Problem to work on
From the data that follows, set down exactly the lines from the one with "human: [hr_rgb_0.5]" through the one with "human: [s2_rgb_10]", counting both. Pictures stay out.
*** Block opens ***
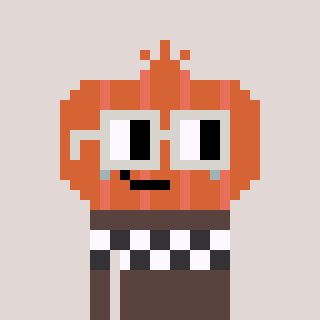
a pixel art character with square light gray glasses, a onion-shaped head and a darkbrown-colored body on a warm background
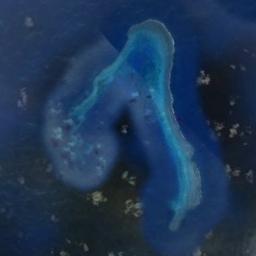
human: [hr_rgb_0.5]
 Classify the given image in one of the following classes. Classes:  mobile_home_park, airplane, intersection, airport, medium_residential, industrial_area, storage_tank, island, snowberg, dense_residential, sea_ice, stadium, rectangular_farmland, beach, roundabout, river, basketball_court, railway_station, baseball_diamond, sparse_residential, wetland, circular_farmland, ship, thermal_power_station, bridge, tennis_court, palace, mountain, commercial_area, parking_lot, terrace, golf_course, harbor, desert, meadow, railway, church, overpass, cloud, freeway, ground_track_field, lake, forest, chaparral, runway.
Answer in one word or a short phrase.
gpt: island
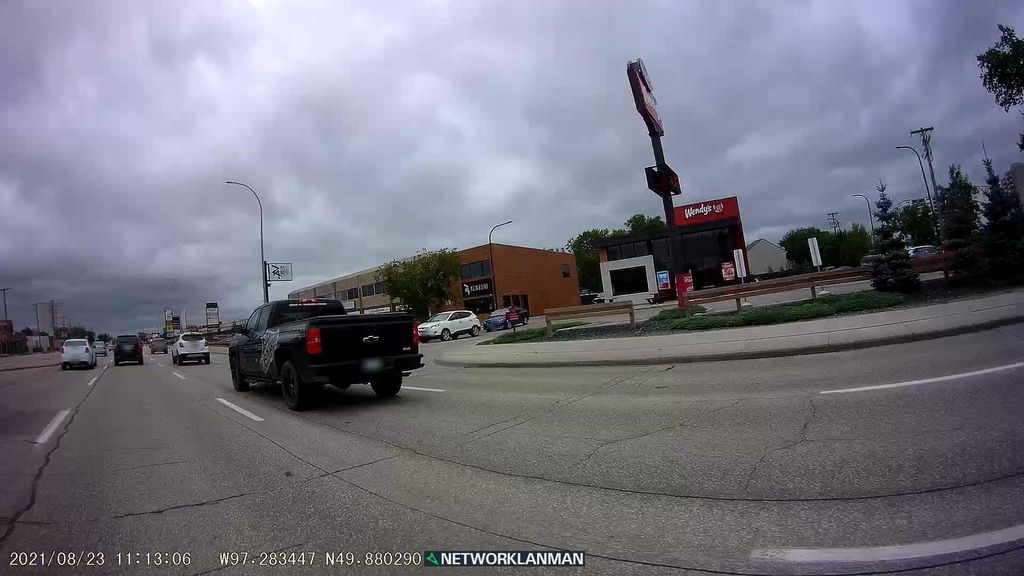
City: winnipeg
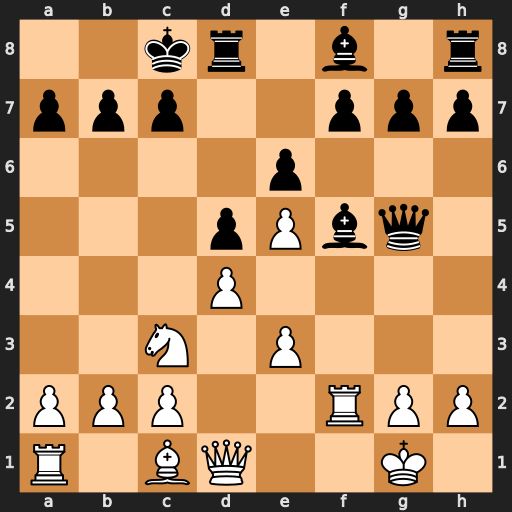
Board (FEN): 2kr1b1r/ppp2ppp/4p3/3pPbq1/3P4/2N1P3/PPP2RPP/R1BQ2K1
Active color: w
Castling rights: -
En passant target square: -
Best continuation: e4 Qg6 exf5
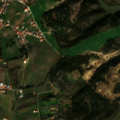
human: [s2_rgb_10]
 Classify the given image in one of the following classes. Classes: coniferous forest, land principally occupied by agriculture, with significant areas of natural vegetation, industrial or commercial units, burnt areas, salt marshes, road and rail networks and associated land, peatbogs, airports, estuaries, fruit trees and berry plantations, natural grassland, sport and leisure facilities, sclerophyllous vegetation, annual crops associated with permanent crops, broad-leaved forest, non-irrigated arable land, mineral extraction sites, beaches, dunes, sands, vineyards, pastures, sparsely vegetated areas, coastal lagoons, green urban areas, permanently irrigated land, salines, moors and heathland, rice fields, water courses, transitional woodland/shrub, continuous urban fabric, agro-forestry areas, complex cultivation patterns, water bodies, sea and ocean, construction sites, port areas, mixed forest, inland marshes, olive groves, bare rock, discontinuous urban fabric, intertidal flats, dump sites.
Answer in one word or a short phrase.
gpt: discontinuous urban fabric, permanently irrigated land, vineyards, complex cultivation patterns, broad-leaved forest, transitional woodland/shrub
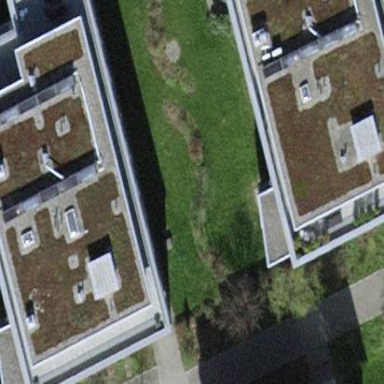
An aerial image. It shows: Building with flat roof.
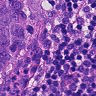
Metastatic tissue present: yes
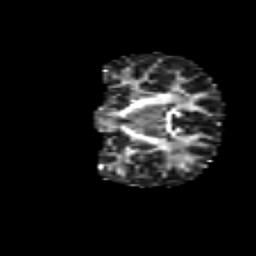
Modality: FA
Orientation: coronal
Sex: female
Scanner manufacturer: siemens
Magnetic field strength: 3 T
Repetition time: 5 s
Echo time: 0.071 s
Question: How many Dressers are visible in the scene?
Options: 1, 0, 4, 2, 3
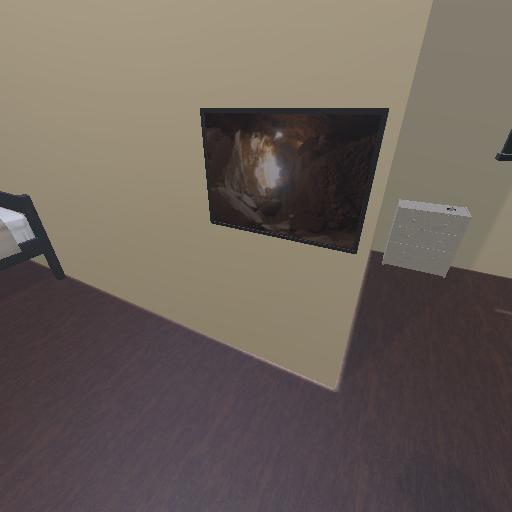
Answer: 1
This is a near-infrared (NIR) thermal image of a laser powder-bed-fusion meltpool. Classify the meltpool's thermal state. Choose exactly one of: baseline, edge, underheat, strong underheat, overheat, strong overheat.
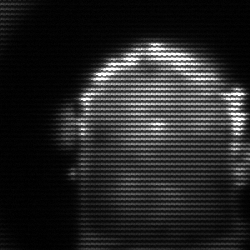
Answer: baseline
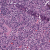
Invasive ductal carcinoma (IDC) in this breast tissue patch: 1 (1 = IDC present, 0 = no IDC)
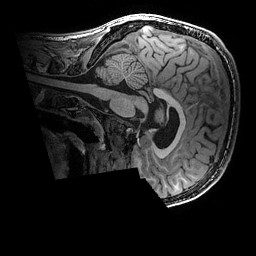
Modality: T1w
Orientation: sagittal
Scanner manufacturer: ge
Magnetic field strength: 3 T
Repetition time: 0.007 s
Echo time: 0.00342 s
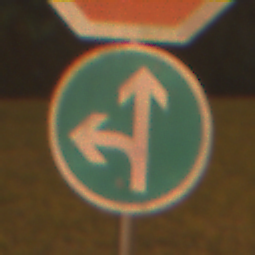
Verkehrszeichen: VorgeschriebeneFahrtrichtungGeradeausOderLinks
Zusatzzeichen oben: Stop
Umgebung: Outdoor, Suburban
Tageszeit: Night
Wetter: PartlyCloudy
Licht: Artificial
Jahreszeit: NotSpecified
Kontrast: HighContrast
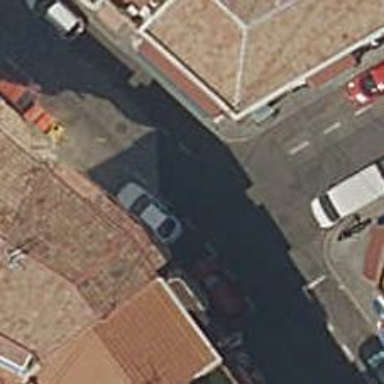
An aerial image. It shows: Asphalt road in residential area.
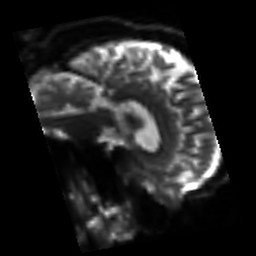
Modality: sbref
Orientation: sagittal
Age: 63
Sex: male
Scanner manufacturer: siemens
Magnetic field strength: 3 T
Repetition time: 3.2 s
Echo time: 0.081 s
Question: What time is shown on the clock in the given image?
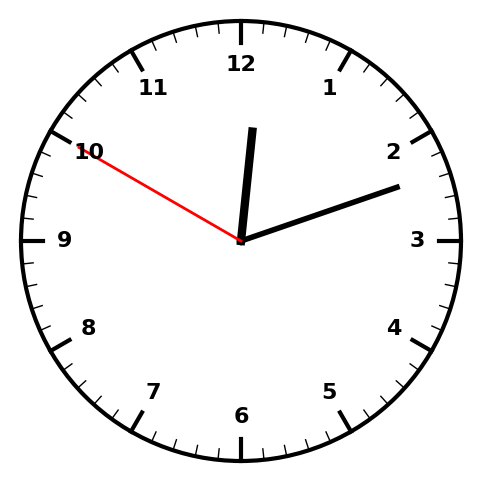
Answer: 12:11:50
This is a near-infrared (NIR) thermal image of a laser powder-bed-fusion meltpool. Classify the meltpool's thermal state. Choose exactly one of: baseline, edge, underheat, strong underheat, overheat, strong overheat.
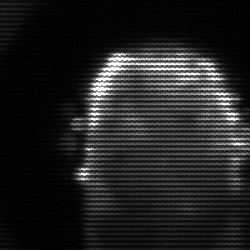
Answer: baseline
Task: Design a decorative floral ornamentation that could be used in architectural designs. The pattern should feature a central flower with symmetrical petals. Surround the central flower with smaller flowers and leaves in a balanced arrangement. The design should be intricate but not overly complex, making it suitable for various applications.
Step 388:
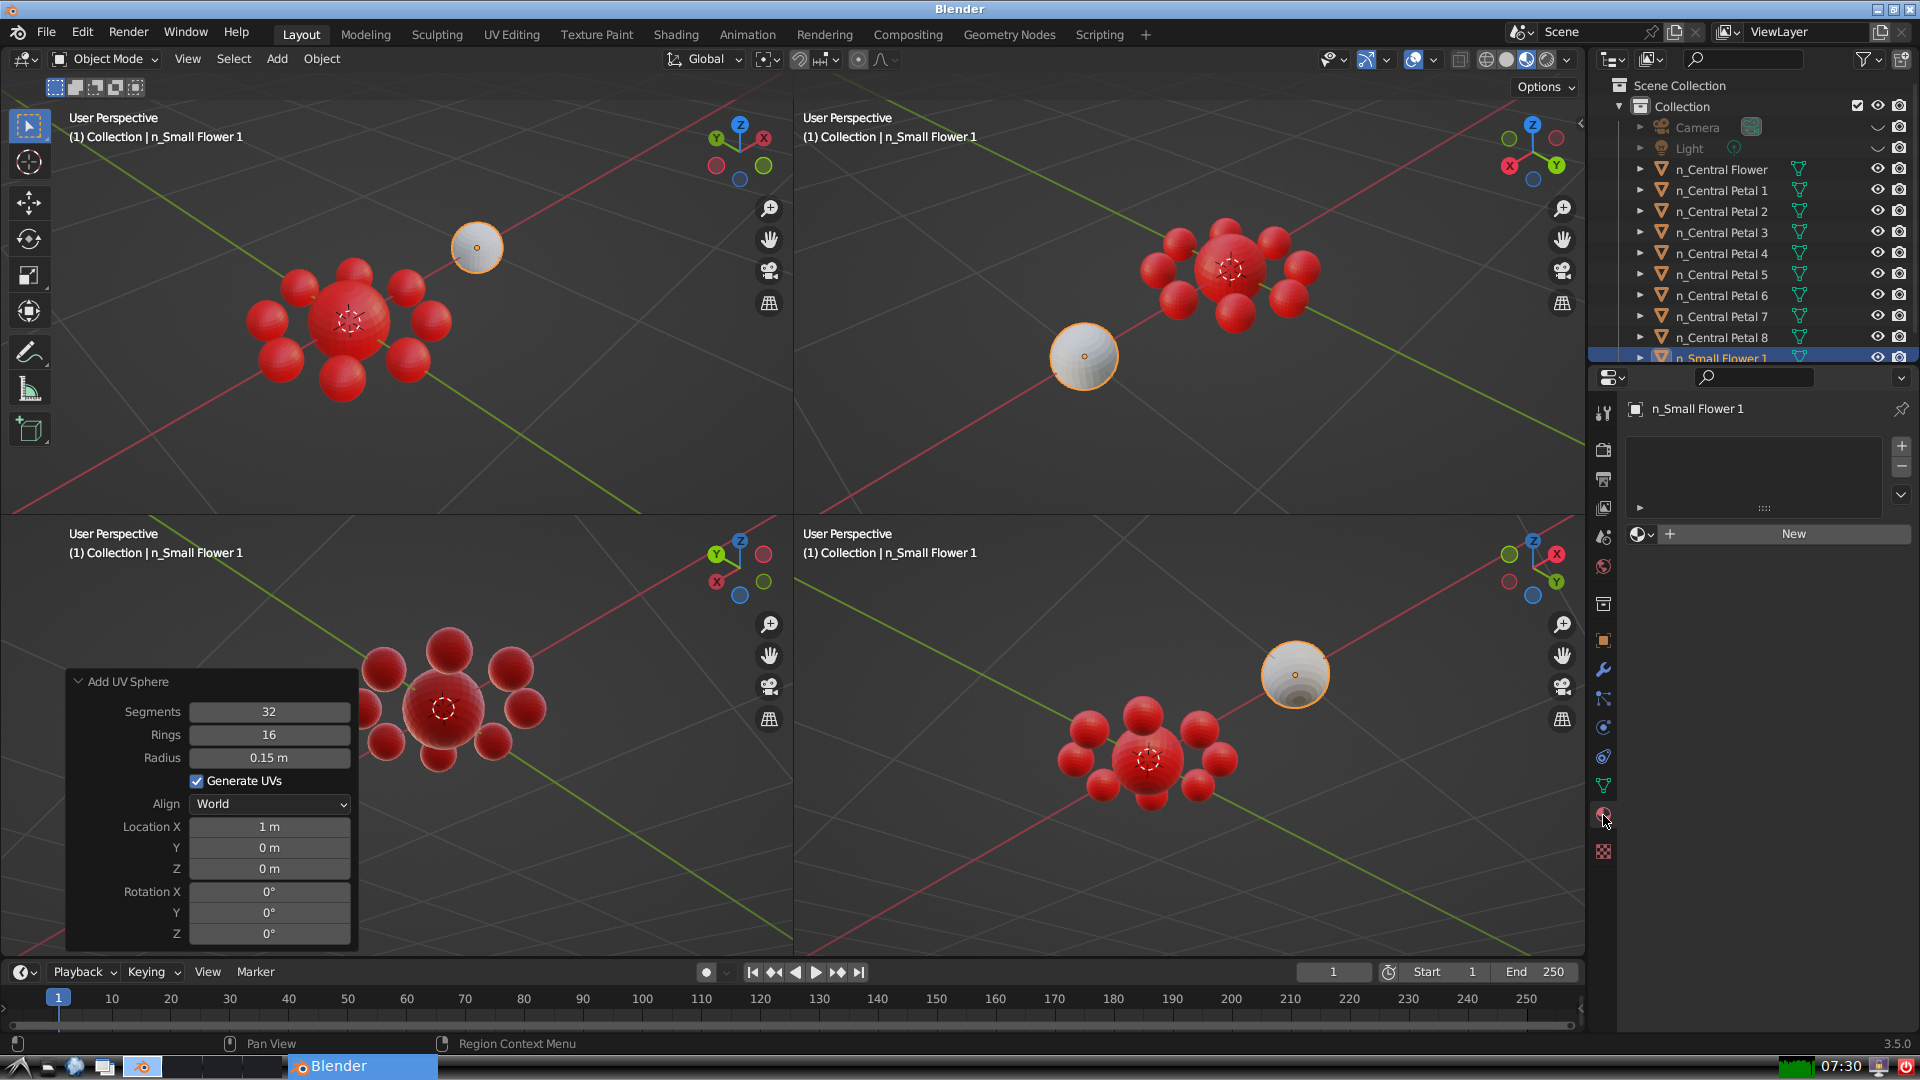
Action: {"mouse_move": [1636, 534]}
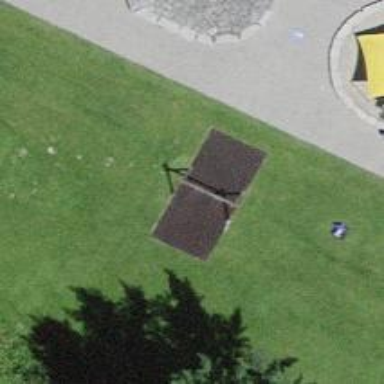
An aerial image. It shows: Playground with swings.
*** Block closes ***
Completed exercise
human: [hr_rgb_0.5]
 Classify the given image in one of the following classes. Classes:  mobile_home_park, airplane, intersection, airport, medium_residential, industrial_area, storage_tank, island, snowberg, dense_residential, sea_ice, stadium, rectangular_farmland, beach, roundabout, river, basketball_court, railway_station, baseball_diamond, sparse_residential, wetland, circular_farmland, ship, thermal_power_station, bridge, tennis_court, palace, mountain, commercial_area, parking_lot, terrace, golf_course, harbor, desert, meadow, railway, church, overpass, cloud, freeway, ground_track_field, lake, forest, chaparral, runway.
Answer in one word or a short phrase.
gpt: island
City: winnipeg
Board (FEN): 2kr1b1r/ppp2ppp/4p3/3pPbq1/3P4/2N1P3/PPP2RPP/R1BQ2K1
Active color: w
Castling rights: -
En passant target square: -
Best continuation: e4 Qg6 exf5
human: [s2_rgb_10]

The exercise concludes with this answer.